Your instructions = Copy, from the entries below, each line where the word "transform" can be found.

Dataset records:
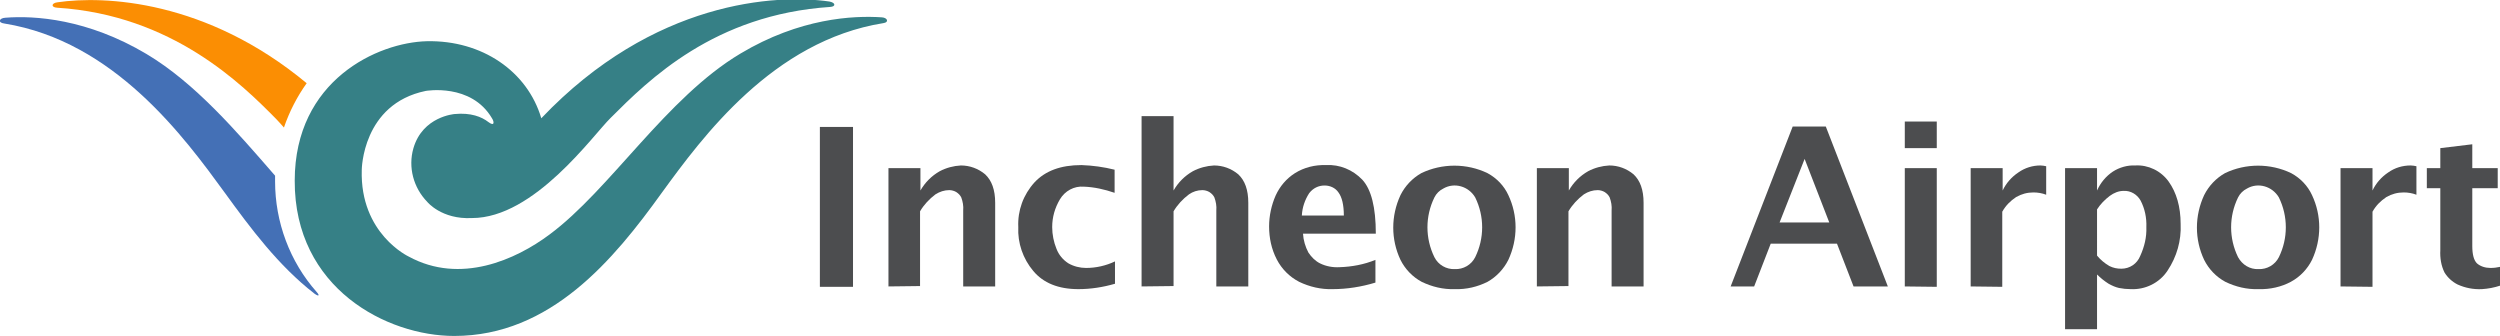 <?xml version="1.0" encoding="utf-8"?>
<!-- Generator: Adobe Illustrator 24.1.3, SVG Export Plug-In . SVG Version: 6.00 Build 0)  -->
<svg version="1.1" id="Layer_1" xmlns="http://www.w3.org/2000/svg" xmlns:xlink="http://www.w3.org/1999/xlink" x="0px" y="0px"
	 viewBox="0 0 648.9 87.2" style="enable-background:new 0 0 648.9 87.2;" xml:space="preserve">
<style type="text/css">
	.st0{fill:#368086;}
	.st1{fill:#4470B6;}
	.st2{fill:#FB8E03;}
	.st3{fill:#4C4D4F;}
</style>
<g id="인천공항_logo" transform="translate(-145.924 -616.642)">
	<g id="그룹_16312" transform="translate(145.924 616.642)">
		<path id="패스_8303" class="st0" d="M117.9,87.2c25,0,41.4-19.8,53.9-37.2c10.5-14.4,28.8-39.4,57.5-44c1.5-0.2,1.1-1.4-0.4-1.5
			c-7.5-0.5-21.3,0.2-36.7,9.4c-19.3,11.5-33.8,35.3-49.6,47c-8.7,6.5-23.1,13-36.5,5.7c0,0-12.7-5.9-12.2-22.5
			c0,0,0.1-17.1,16.6-20.5c0,0,11.8-2.1,17.2,7.1c0.6,0.9,0.7,2.2-0.9,1c-1.8-1.4-4.6-2.5-8.8-2.1c0,0-8.3,0.6-10.7,8.9
			c-1.4,4.9,0,10.2,3.6,13.9c0,0,3.7,4.6,11.6,4.2c16.2,0,31.4-21.5,36-26c9.9-9.9,26.9-26.8,57-28.8c1.5-0.1,1.4-1.1-0.2-1.4
			c-13.7-2-45.7-0.3-74.8,30.3c-3.6-12.2-15.4-20.3-29.7-20c-12.7,0.3-34.3,10.1-34.3,36.2C76.4,74.9,100.5,87.2,117.9,87.2z"/>
		<path id="패스_8304" class="st1" d="M82.2,75.8c-7-7.9-10.8-18.2-10.8-28.7c0-0.5,0-1,0-1.5C61.4,34.1,50.6,21.5,38,14
			C22.7,4.9,9,4,1.4,4.6c-1.7,0.1-2,1.3-0.3,1.5c28.6,4.6,46.8,29.6,57.3,44C65,59.2,72.3,69,81.6,76.2C82.7,77,83.1,76.8,82.2,75.8
			z"/>
		<path id="패스_8305" class="st2" d="M14.9,0.6c-1.6,0.2-1.7,1.3-0.1,1.4c30,1.9,48.1,20,56.8,28.8c0.5,0.5,1.2,1.3,2.1,2.3
			c1.4-4.1,3.4-8,5.9-11.5C53.6,0,27.1-1.2,14.9,0.6z"/>
	</g>
	<g id="그룹_16313" transform="translate(358.732 646.79)">
		<path id="패스_8306" class="st3" d="M0,44.2V2.8h8.6v41.5H0z"/>
		<path id="패스_8307" class="st3" d="M17.8,44.2V13.5h8.3v5.8c1.2-2.1,2.9-3.8,5-5c1.7-0.9,3.6-1.4,5.5-1.5
			c2.3,0,4.5,0.8,6.3,2.3c1.7,1.6,2.6,4,2.6,7.4v21.7h-8.3V24.5c0.1-1.2-0.1-2.3-0.5-3.4c-0.3-0.6-0.7-1-1.3-1.4
			c-0.5-0.3-1.2-0.5-1.8-0.5c-1.3,0-2.5,0.4-3.6,1.1c-1.6,1.2-3,2.7-4,4.4v19.4L17.8,44.2z"/>
		<path id="패스_8308" class="st3" d="M76.6,43.5c-3.1,0.9-6.3,1.4-9.5,1.4c-5.2,0-9.1-1.6-11.7-4.7c-2.7-3.2-4.1-7.3-3.9-11.4
			c-0.2-4.3,1.3-8.4,4.2-11.6c2.8-3,6.8-4.5,12.2-4.5c2.9,0.1,5.8,0.5,8.6,1.2v6c-2.6-0.9-5.3-1.5-8-1.6c-2.5-0.2-4.9,1.1-6.2,3.3
			c-1.3,2.2-2,4.6-2,7.2c0,1.9,0.4,3.9,1.1,5.6c0.6,1.6,1.7,2.9,3.1,3.8c1.4,0.8,3,1.2,4.6,1.2c2.6,0,5.2-0.6,7.5-1.7L76.6,43.5z"/>
		<path id="패스_8309" class="st3" d="M83.5,44.2V0h8.3v19.3c1.2-2.1,2.9-3.8,5-5c1.7-0.9,3.6-1.4,5.5-1.5c2.3,0,4.5,0.8,6.3,2.3
			c1.7,1.6,2.6,4,2.6,7.4v21.7h-8.3V24.5c0.1-1.2-0.1-2.3-0.5-3.4c-0.3-0.6-0.7-1-1.3-1.4c-0.5-0.3-1.2-0.5-1.8-0.5
			c-1.3,0-2.5,0.4-3.5,1.1c-1.6,1.2-3,2.7-4,4.4v19.4L83.5,44.2z"/>
		<path id="패스_8310" class="st3" d="M144.2,43.2c-3.6,1.1-7.4,1.7-11.1,1.7c-3,0.1-6-0.6-8.7-1.9c-2.5-1.3-4.5-3.3-5.8-5.8
			c-1.4-2.7-2-5.6-2-8.6c0-2.7,0.6-5.5,1.7-8c1.1-2.4,2.8-4.4,5-5.8c2.4-1.5,5.2-2.2,8.1-2.1c3.5-0.2,6.9,1.2,9.4,3.8
			c2.3,2.5,3.5,7.1,3.5,14h-18.9c0.1,1.7,0.6,3.4,1.4,4.9c0.8,1.2,1.8,2.2,3,2.8c1.6,0.8,3.4,1.1,5.1,1c3.2-0.1,6.4-0.7,9.3-1.9
			V43.2z M125.1,25.8H136c0-2.8-0.5-4.8-1.4-6c-0.8-1.2-2.2-1.8-3.6-1.8c-1.6,0-3,0.7-4,2C125.9,21.7,125.2,23.7,125.1,25.8
			L125.1,25.8z"/>
		<path id="패스_8311" class="st3" d="M164.8,44.9c-3,0.1-5.9-0.6-8.6-1.9c-2.4-1.3-4.3-3.3-5.5-5.7c-2.5-5.3-2.5-11.4,0-16.8
			c1.2-2.4,3.1-4.4,5.4-5.7c5.4-2.6,11.8-2.6,17.2,0c2.4,1.3,4.3,3.3,5.4,5.7c2.5,5.3,2.5,11.4,0,16.8c-1.2,2.4-3.1,4.4-5.4,5.7
			C170.7,44.3,167.8,45,164.8,44.9z M164.8,39.7c2.2,0.1,4.3-1.1,5.3-3.1c2.4-4.9,2.4-10.6,0-15.5c-1.7-2.9-5.4-4-8.3-2.3
			c-1,0.5-1.8,1.3-2.3,2.3c-2.4,4.9-2.4,10.6,0,15.5C160.5,38.6,162.6,39.8,164.8,39.7L164.8,39.7z"/>
		<path id="패스_8312" class="st3" d="M186.1,44.2V13.5h8.3v5.8c1.2-2.1,2.9-3.8,5-5c1.7-0.9,3.6-1.4,5.5-1.5
			c2.3,0,4.5,0.8,6.3,2.3c1.7,1.6,2.6,4,2.6,7.4v21.7h-8.3V24.5c0.1-1.2-0.1-2.3-0.5-3.4c-0.3-0.6-0.7-1-1.3-1.4
			c-0.5-0.3-1.2-0.5-1.8-0.5c-1.3,0-2.5,0.4-3.6,1.1c-1.6,1.2-3,2.7-4,4.4v19.4L186.1,44.2z"/>
		<path id="패스_8313" class="st3" d="M236.4,44.2l16.1-41.5h8.6l16.1,41.5h-8.9l-4.3-11.1h-17.2l-4.3,11.1H236.4z M249.1,27.6
			H262l-6.4-16.5L249.1,27.6z"/>
		<path id="패스_8314" class="st3" d="M281.6,8.3V1.4h8.3v6.9H281.6z M281.6,44.2V13.5h8.3v30.8L281.6,44.2z"/>
		<path id="패스_8315" class="st3" d="M298.7,44.2V13.5h8.3v5.8c0.9-1.9,2.3-3.5,4.1-4.7c1.7-1.2,3.7-1.8,5.7-1.8
			c0.5,0,1,0.1,1.5,0.2v7.4c-1-0.4-2.2-0.6-3.3-0.6c-1.6,0-3.1,0.4-4.5,1.2c-1.5,1-2.7,2.2-3.6,3.8v19.5L298.7,44.2z"/>
		<path id="패스_8316" class="st3" d="M323.2,55.3V13.5h8.3v5.8c0.9-2,2.3-3.7,4.1-4.9c1.7-1.1,3.8-1.7,5.8-1.6
			c3.4-0.2,6.7,1.4,8.7,4.2c2,2.8,3.1,6.5,3.1,11c0.2,4.3-1,8.5-3.4,12.1c-2.1,3.2-5.8,5-9.6,4.8c-1,0-2-0.1-3-0.3
			c-0.9-0.2-1.8-0.6-2.7-1.1c-1.1-0.7-2.1-1.5-3-2.4v14.2L323.2,55.3z M331.5,36.2c0.9,1.1,2,2,3.2,2.7c1,0.5,2,0.7,3.1,0.7
			c2.2,0,4.1-1.3,4.9-3.3c1.1-2.4,1.7-4.9,1.6-7.5c0.1-2.4-0.4-4.8-1.5-6.9c-0.9-1.6-2.6-2.6-4.4-2.5c-1.3,0-2.5,0.5-3.6,1.3
			c-1.3,1-2.4,2.1-3.3,3.5L331.5,36.2z"/>
		<path id="패스_8317" class="st3" d="M373.4,44.9c-3,0.1-5.9-0.6-8.6-1.9c-2.4-1.3-4.3-3.3-5.5-5.7c-2.5-5.3-2.5-11.4,0-16.8
			c1.2-2.4,3.1-4.4,5.4-5.7c5.4-2.6,11.8-2.6,17.2,0c2.4,1.3,4.3,3.3,5.4,5.7c2.5,5.3,2.5,11.4,0,16.8c-1.2,2.4-3.1,4.4-5.5,5.7
			C379.4,44.3,376.4,45,373.4,44.9z M373.4,39.7c2.2,0.1,4.3-1.1,5.3-3.1c2.4-4.9,2.4-10.6,0-15.5c-1.7-2.9-5.4-4-8.3-2.3
			c-1,0.5-1.8,1.3-2.3,2.3c-2.4,4.9-2.4,10.6,0,15.5C369.2,38.6,371.2,39.8,373.4,39.7L373.4,39.7z"/>
		<path id="패스_8318" class="st3" d="M394.7,44.2V13.5h8.3v5.8c0.9-1.9,2.3-3.5,4.1-4.7c1.7-1.2,3.7-1.8,5.8-1.8
			c0.5,0,1,0.1,1.5,0.2v7.4c-1-0.4-2.2-0.6-3.3-0.6c-1.6,0-3.1,0.4-4.5,1.2c-1.5,1-2.7,2.2-3.6,3.8v19.5L394.7,44.2z"/>
		<path id="패스_8319" class="st3" d="M436.1,44c-1.5,0.5-3.1,0.8-4.7,0.9c-2.2,0.1-4.3-0.3-6.3-1.2c-1.4-0.7-2.6-1.8-3.4-3.1
			c-0.9-1.8-1.2-3.8-1.1-5.8V18.7h-3.5v-5.2h3.5V8.3l8.3-1v6.2h6.6v5.2h-6.6v15c0,2.2,0.4,3.7,1.2,4.5c0.9,0.8,2.2,1.2,3.5,1.2
			c0.9,0,1.7-0.1,2.6-0.3L436.1,44z"/>
	</g>
</g>
</svg>

Exercise answer =
<g id="인천공항_logo" transform="translate(-145.924 -616.642)">
	<g id="그룹_16312" transform="translate(145.924 616.642)">
	<g id="그룹_16313" transform="translate(358.732 646.79)">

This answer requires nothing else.